- Opening Delimiter -

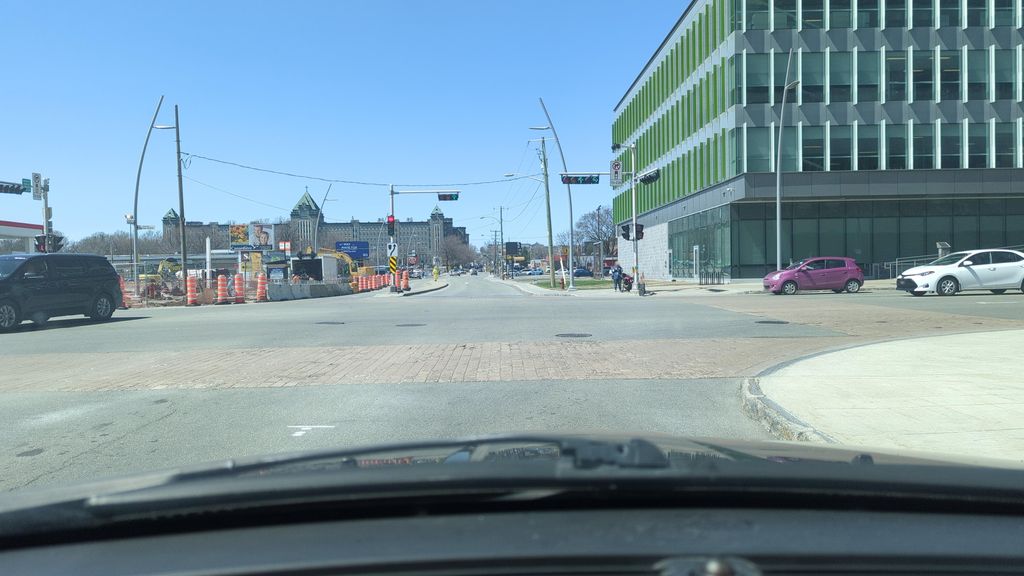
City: quebec_city
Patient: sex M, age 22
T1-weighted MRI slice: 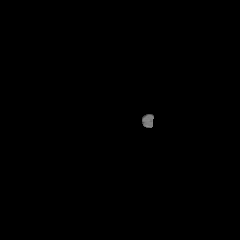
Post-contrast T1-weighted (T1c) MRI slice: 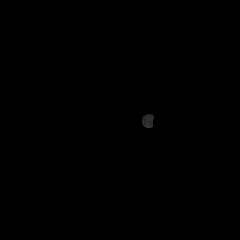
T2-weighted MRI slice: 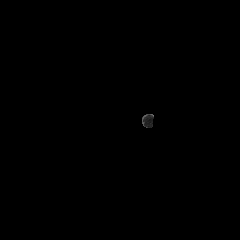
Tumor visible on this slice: no
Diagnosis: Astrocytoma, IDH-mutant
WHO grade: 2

- Closing Delimiter -

▶ [WORK INSTRUCTION]: Copy out the listing word for word and skip its pictures.

▶ [TASK RESULT]:
City: quebec_city
Patient: sex M, age 22
T1-weighted MRI slice: 
Post-contrast T1-weighted (T1c) MRI slice: 
T2-weighted MRI slice: 
Tumor visible on this slice: no
Diagnosis: Astrocytoma, IDH-mutant
WHO grade: 2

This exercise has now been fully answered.